What was he avenging? Here the teacher turned perplexingly vague. He hinted that his anger at his spouse was grounded in sexual dissatisfaction; neither harmony nor pleasure exis
ted in their shared intimate moments, he suggested, without providing any of the raw and apparently gnawing details. But a torrent of even more fiercely vituperative paragraphs raged on about the unfairness of his being burdened with a wife and children. Her pregnancies, he implied, were all his cunning wife’s mischief. Perhaps this was why Muenter felt he had a legal right to condemn her to a slow and painful death.
Above all, though, the letter worked hard in its sputtering way to make the fantastic case that specific reasons were unnecessary. Leona Muenter had been executed—that was how her husband saw it—for the crimes she had committed. She deserved to die. Erich Muenter, a man who understood the unarticulated laws that governed the universe, had the right—no, the duty—to end her life.
Once in sunny Los Angeles, Muenter, with the discipline of a veteran secret agent, set about reinventing himself. With a pang of regret, he shaved off his mustache and his artfully cultivated Vandyke, but took appreciative measure of the suddenly youthful face staring back at him in the mirror.
The frayed tweed suit that had served as his Harvard uniform was packed into a suitcase, and he bought a pair of shiny khaki pants, a blue shirt, and a deep-pocketed rust-colored jacket at a haberdashery that did a brisk business in secondhand clothes. His gentleman’s black derby was discarded too, and replaced by a more plebeian brown felt hat that he set at a rakish angle.
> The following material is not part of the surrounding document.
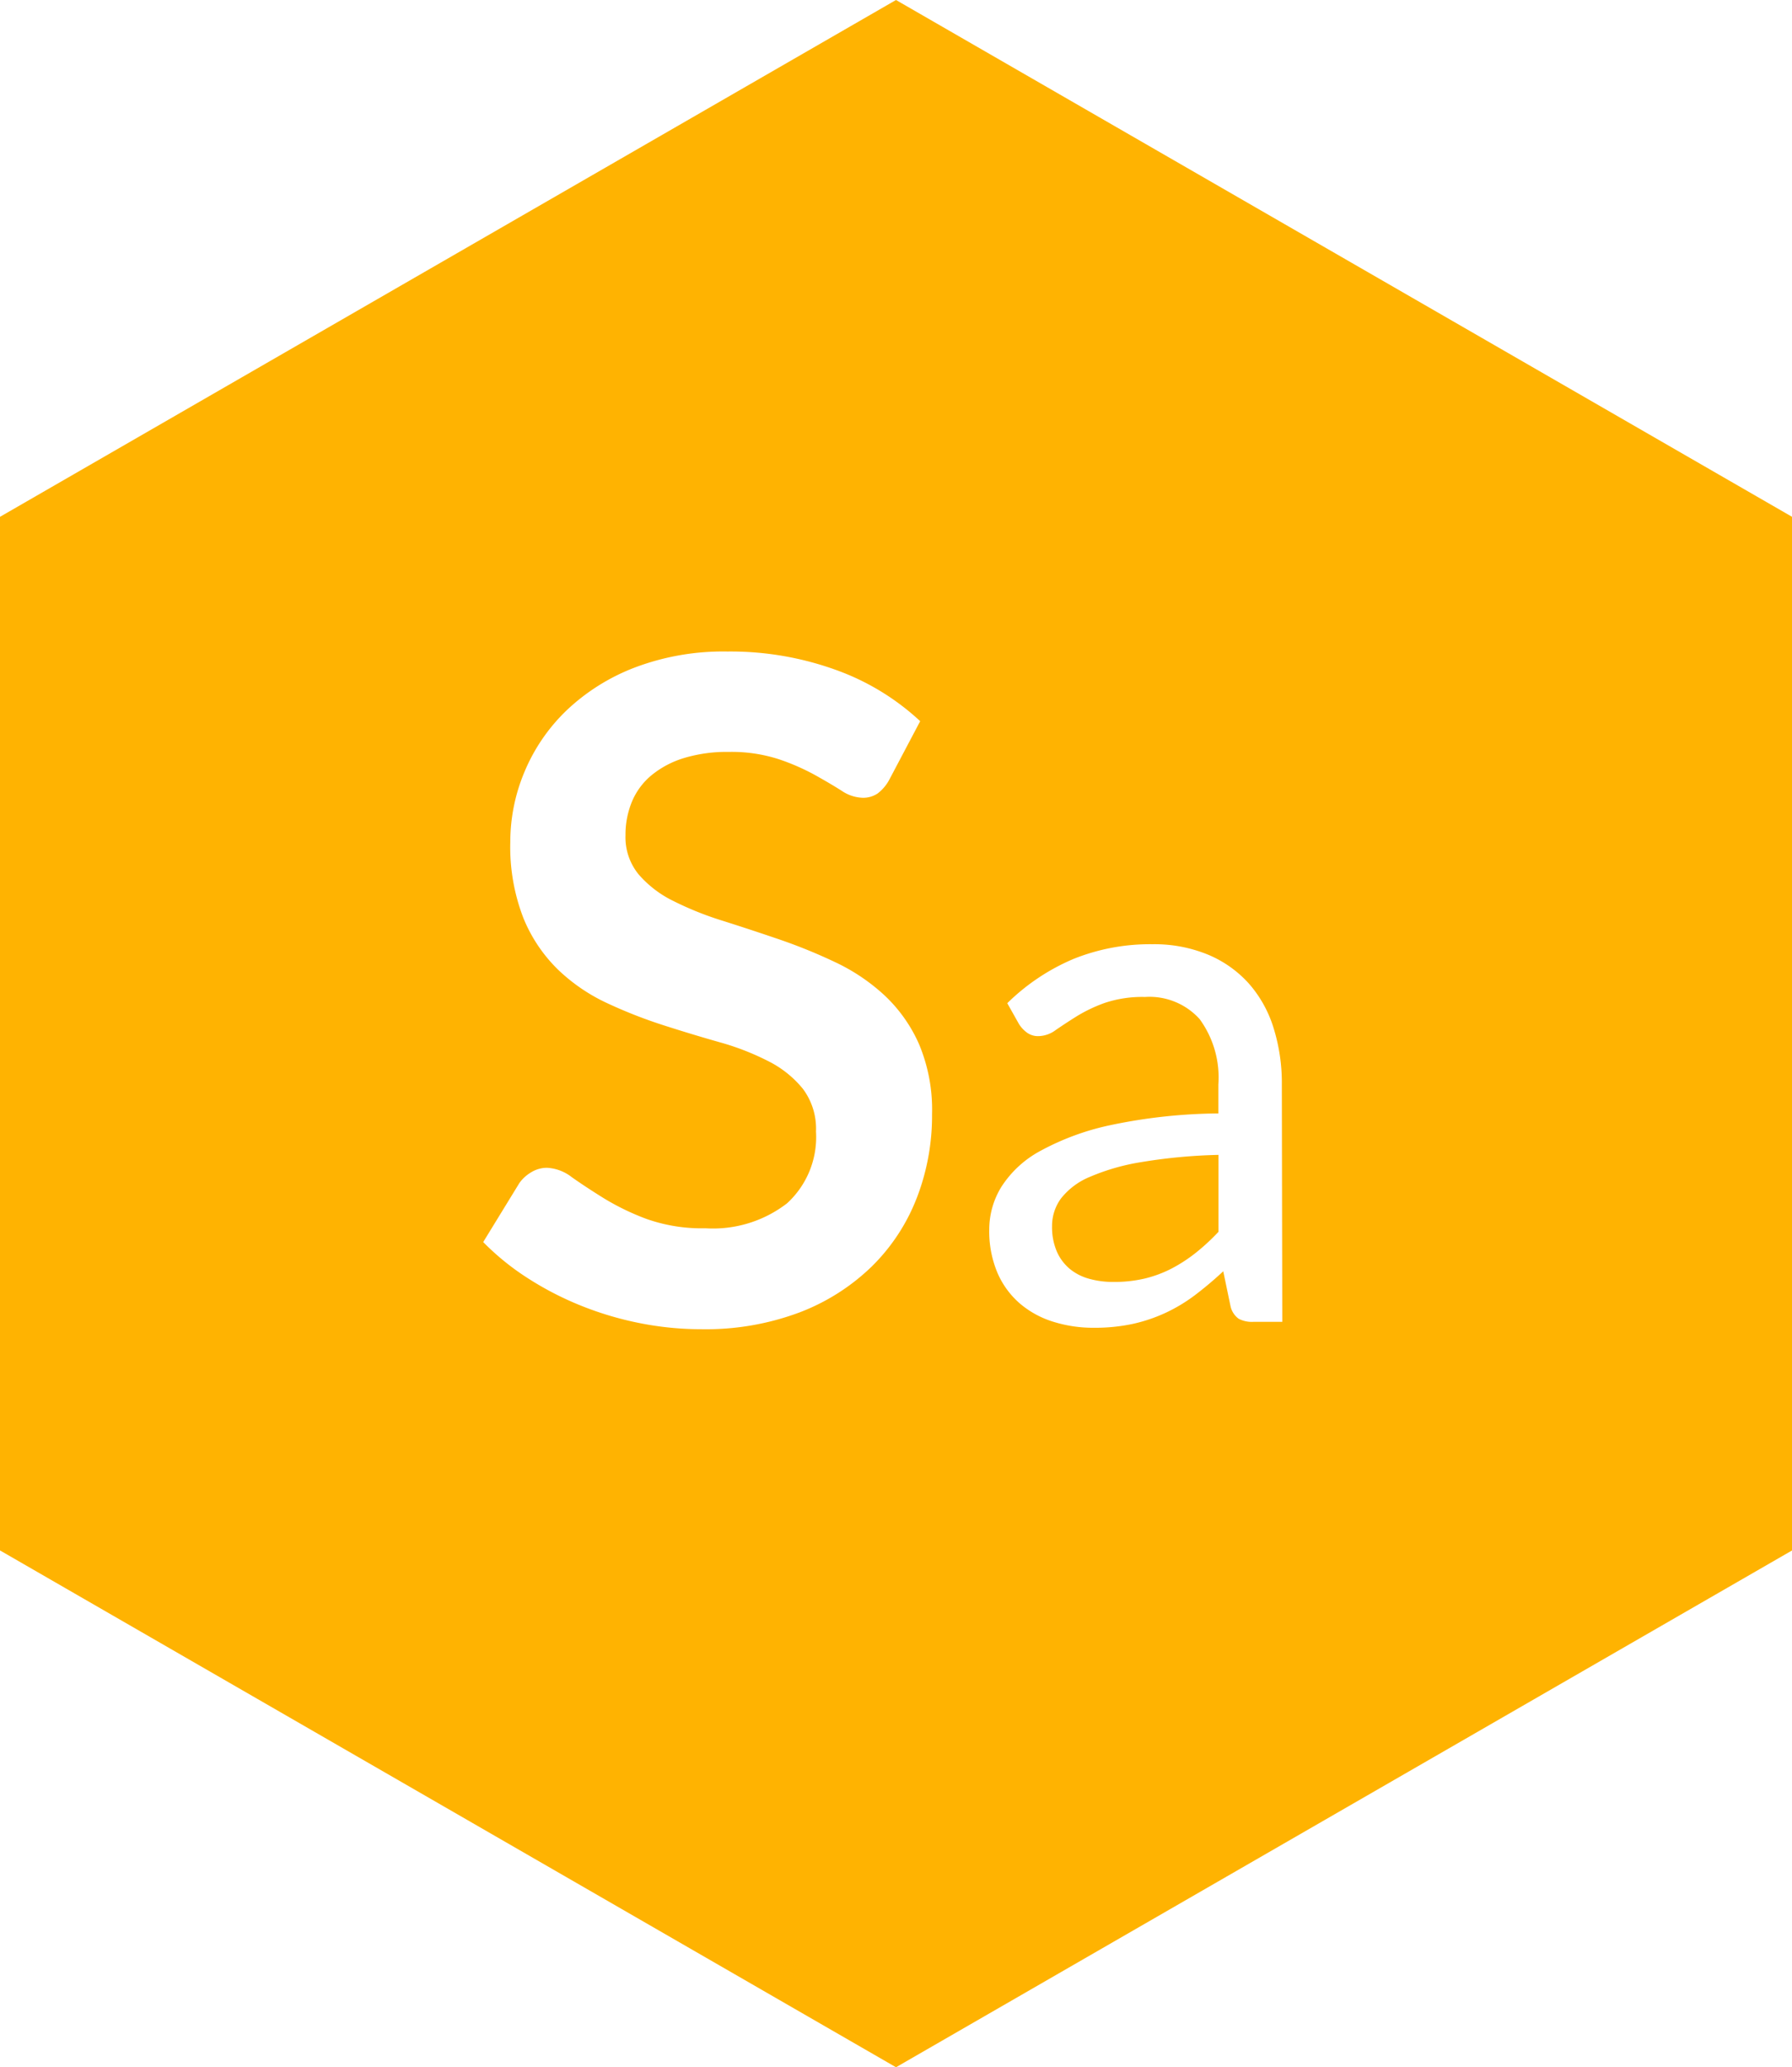 <svg xmlns="http://www.w3.org/2000/svg" width="52.098" height="60.087" viewBox="0 0 52.098 60.087">
  <path id="simul-auto" d="M81.689,344.205a2.072,2.072,0,0,0-.842.628,1.347,1.347,0,0,0-.261.809,1.784,1.784,0,0,0,.139.735,1.365,1.365,0,0,0,.378.506,1.52,1.52,0,0,0,.565.287,2.587,2.587,0,0,0,.7.091,3.882,3.882,0,0,0,.917-.1,3.472,3.472,0,0,0,.783-.293,4.42,4.42,0,0,0,.7-.457,6.157,6.157,0,0,0,.656-.607v-2.236a15.776,15.776,0,0,0-2.233.208A6.329,6.329,0,0,0,81.689,344.205ZM76.049,310,50,325.022v30.043l26.049,15.022L102.1,355.065V325.022Zm.6,34.829a5.64,5.64,0,0,1-1.308,1.986,6.155,6.155,0,0,1-2.1,1.333,7.751,7.751,0,0,1-2.842.487,9.161,9.161,0,0,1-1.815-.18,9.541,9.541,0,0,1-1.714-.513,9.2,9.2,0,0,1-1.541-.8,7.41,7.41,0,0,1-1.281-1.04l1.054-1.719a1.119,1.119,0,0,1,.347-.313.874.874,0,0,1,.454-.127,1.276,1.276,0,0,1,.721.273q.387.274.92.606a7.189,7.189,0,0,0,1.248.606,4.8,4.8,0,0,0,1.715.273,3.522,3.522,0,0,0,2.375-.726,2.606,2.606,0,0,0,.841-2.086,1.935,1.935,0,0,0-.38-1.24,3.074,3.074,0,0,0-1.008-.806,7.544,7.544,0,0,0-1.427-.553q-.8-.227-1.628-.493a14.03,14.03,0,0,1-1.628-.639,5.259,5.259,0,0,1-1.427-.973,4.418,4.418,0,0,1-1.008-1.5,5.708,5.708,0,0,1-.381-2.219,5.247,5.247,0,0,1,.421-2.052,5.3,5.3,0,0,1,1.221-1.772,5.981,5.981,0,0,1,1.975-1.239,7.257,7.257,0,0,1,2.695-.466,9.012,9.012,0,0,1,3.149.533,7.108,7.108,0,0,1,2.455,1.492l-.894,1.693a1.235,1.235,0,0,1-.34.406.755.755,0,0,1-.447.127,1.152,1.152,0,0,1-.607-.207q-.327-.207-.781-.46a6.452,6.452,0,0,0-1.061-.46,4.468,4.468,0,0,0-1.434-.206,4.29,4.29,0,0,0-1.308.18,2.744,2.744,0,0,0-.941.5,1.992,1.992,0,0,0-.567.766,2.51,2.51,0,0,0-.187.979,1.7,1.7,0,0,0,.38,1.133,3.167,3.167,0,0,0,1.007.773A9.365,9.365,0,0,0,71,336.76q.8.253,1.641.54a15.47,15.47,0,0,1,1.641.667,5.661,5.661,0,0,1,1.428.959,4.353,4.353,0,0,1,1.007,1.419,4.922,4.922,0,0,1,.38,2.039A6.642,6.642,0,0,1,76.65,344.829Zm10.63,3.592h-.842a.826.826,0,0,1-.427-.091.615.615,0,0,1-.234-.357l-.213-1.022a10.55,10.55,0,0,1-.831.7,4.757,4.757,0,0,1-.853.511,4.645,4.645,0,0,1-.954.32,5.259,5.259,0,0,1-1.124.111,3.884,3.884,0,0,1-1.183-.176,2.735,2.735,0,0,1-.965-.527A2.474,2.474,0,0,1,79,347a3.1,3.1,0,0,1-.24-1.272,2.367,2.367,0,0,1,.352-1.23,3.076,3.076,0,0,1,1.14-1.049,7.5,7.5,0,0,1,2.057-.751,15.707,15.707,0,0,1,3.112-.335v-.841a2.88,2.88,0,0,0-.544-1.9,1.961,1.961,0,0,0-1.588-.644,3.425,3.425,0,0,0-1.178.175,4.422,4.422,0,0,0-.821.394q-.346.218-.6.394a.863.863,0,0,1-.5.175.543.543,0,0,1-.331-.1.921.921,0,0,1-.234-.25l-.341-.607a6.167,6.167,0,0,1,1.929-1.288,5.962,5.962,0,0,1,2.291-.426,4.094,4.094,0,0,1,1.609.3,3.307,3.307,0,0,1,1.183.83,3.517,3.517,0,0,1,.725,1.288,5.355,5.355,0,0,1,.245,1.661Z" transform="translate(-50 -310)" fill="#ffb301"/>
</svg>

He couldn’t disguise, however, his distinctive tubercular gait, and that was a concern; the description widely circulated by the Cambridge police described the fugitive murderer as a “loose-jointed walker.” Prudence, he decided, required that he leave the country.
MUENTER TRAVELED SOUTH ON A vagabond route through Mexico. It was an aimless yearlong journey, but it gave him the time to fit a cover story snugly around his incriminating past. He christened himself Frank Holt, born in Wisconsin, parents long dead and without any siblings. Anyone who asked was told he’d picked up his knowledge of German—and perhaps, he’d concede pleasantly, some foreign mannerisms—during years employed as tutor to the children of a wealthy midwestern family as they traveled in high style through Europe.